Who here watched Roseanne? God that woman was funny... anyway...

---------------------------------------------

It's taken eight years for a Conner family reunion. But, at long last, Roseanne, Dan and the gang came together at ... where else? A Hollywood bowling alley.

For the first time since "Roseanne" ended its prime-time run in 1997, the entire original cast gathered Monday evening at the Lucky Strike Bowling Center. The occasion: Their working-class sitcom's Aug. 30 DVD debut.

"It's taken a long time to get it out," Roseanne told AP Television News. "I'm happy that it's going for sale, 'cause maybe I can pay my bills. That would be cool."

Roseanne was joined by co-stars John Goodman and Laurie Metcalf, as well as the three original actors to play the Conner kids: Alicia Goranson, Sara Gilbert and Michael Fishman.

"Honestly, this has already surpassed everything I kind of hoped for tonight," noted Fishman, who played the young son D.J. and now, at age 23, has two children of his own.

"Just being together, the time that we got to kind of spend waiting to do this, and walking down together," he continued. "I mean, this fills a little void that I had for a while and that I probably couldn't put my finger on. It's been amazing."

Sara Gilbert, who played daughter Darlene, noted, "It's unbelievable to see everybody. I mean, I'm so excited. I can't wait to get in there and start talking.
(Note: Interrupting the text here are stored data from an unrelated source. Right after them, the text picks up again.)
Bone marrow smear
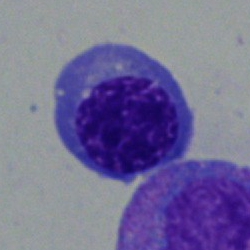Nucleated red cell.
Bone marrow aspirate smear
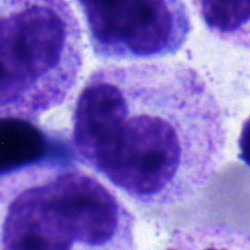 Morphology — metamyelocyte.
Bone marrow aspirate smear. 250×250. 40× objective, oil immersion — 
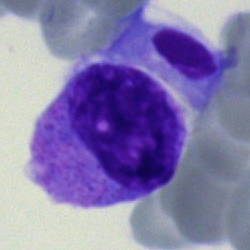 Q: Identify the cell.
A: It is a monocyte.
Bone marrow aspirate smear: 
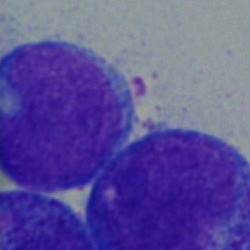
Cell type: undifferentiated blast.
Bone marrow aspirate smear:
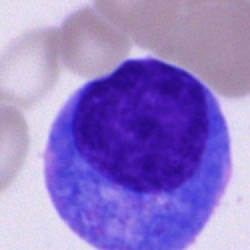Specimen: bone marrow smear.
Morphological class: plasma cell.
Lineage: lymphoid.
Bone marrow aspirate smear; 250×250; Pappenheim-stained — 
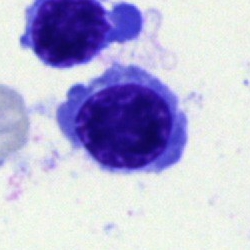{"cell_type": "normoblast"}
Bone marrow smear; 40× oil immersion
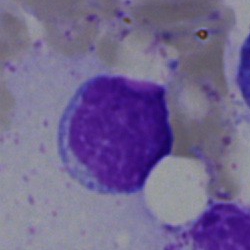

Single cell identified as a typical lymphocyte.
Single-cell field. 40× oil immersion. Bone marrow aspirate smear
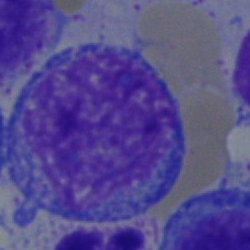Q: What is the morphological classification of this cell?
A: An undifferentiated blast.
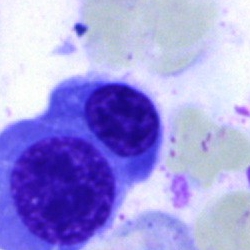 Morphology — nucleated red cell.
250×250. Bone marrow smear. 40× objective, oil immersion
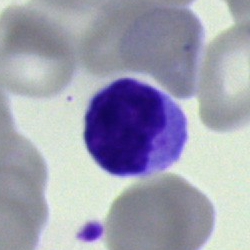Morphological class = lymphocyte.
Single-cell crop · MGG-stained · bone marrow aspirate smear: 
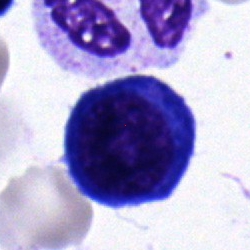
Specimen: bone marrow smear.
Classification: nucleated red blood cell.
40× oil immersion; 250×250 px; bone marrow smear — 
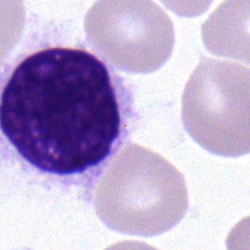Cell — typical lymphocyte.
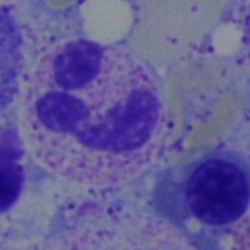
Single-cell crop from a bone marrow smear: polymorphonuclear neutrophil.
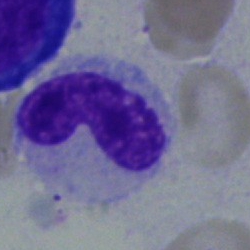 Classification — band neutrophil.

It's a really unreal feeling cause we just haven't been together in so many years."

Gilbert is preparing for a new sitcom with Melanie Griffith and Mark Linn-Baker, "Twins," to debut this fall on The WB network.

Roseanne, 52, said she keeps in touch with the individual cast members, but was eager to see everyone in the same place. She also was excited about "bowling and having a beer. Having fun."

The four-disk "Roseanne: The Complete First Season" contains 23 episodes plus a bounty of extras, including bloopers, season highlights and other features. Roseanne contributed a new interview to the DVD set, as did Goodman, who reminisced with AP about the series' out-of-the-gate success.

"It just kind of took off," he recalled. "It felt right. It was fun. And that was that. I said, 'You know, I'm having all this fun and getting paid for it.'"

The series is widely regarded as a classic, redefining the way working-class families were portrayed on television and breaking many sitcom boundaries.

"I think it changed the landscape of, you know, the country, too," Roseanne observed. "It changed a lot the way people see themselves and how they make choices."

Even though Roseanne usually had a job outside of the home, she could be considered contemporary TV's original desperate housewife.

Replied Roseanne: "I think you stole my joke ... In fact, that's how I open my standup show: Original Desperate Housewife."


----------



## shev (Jan 18, 2005)

I love that show.


----------



## fishfreaks (Jan 19, 2005)

im a roseanne freak lol. im so glad its finally coming out on dvd :-D


----------



## aquariumfishguy (Jan 18, 2005)

I didn't like her voice in the first few seasons. It just wasn't her nagging voice that she was known for. It was more high pitched and screechy. Anyway, I think her show really made a difference in a lot of people and showed people it was ok to be 'normal' and have issues, etc.


----------



## fishfreaks (Jan 19, 2005)

yes, you are right. people forget that things are harder on the middle class, especially nowadays, its all the supply and demand


----------



## fish_doc (Jan 31, 2005)

She got alot of flack for the show and all but I think it was because as you stated it was showing what familes really are like. 

Look what came from that show. Shows like Everyone loves Raymond, King of Queens, even cartoons like King of the Hill.


----------



## aquariumfishguy (Jan 18, 2005)

Well she opened up a can of worms by being the first to air on national TV some of the first controversial issues... all in a half hour show too!

Roseanne sure did screw up a few times... remember singing job she did for the national anthem? But true fans will never grow old of her.


----------



## fish_doc (Jan 31, 2005)

My ears are still ringing from the bombs bursting.


----------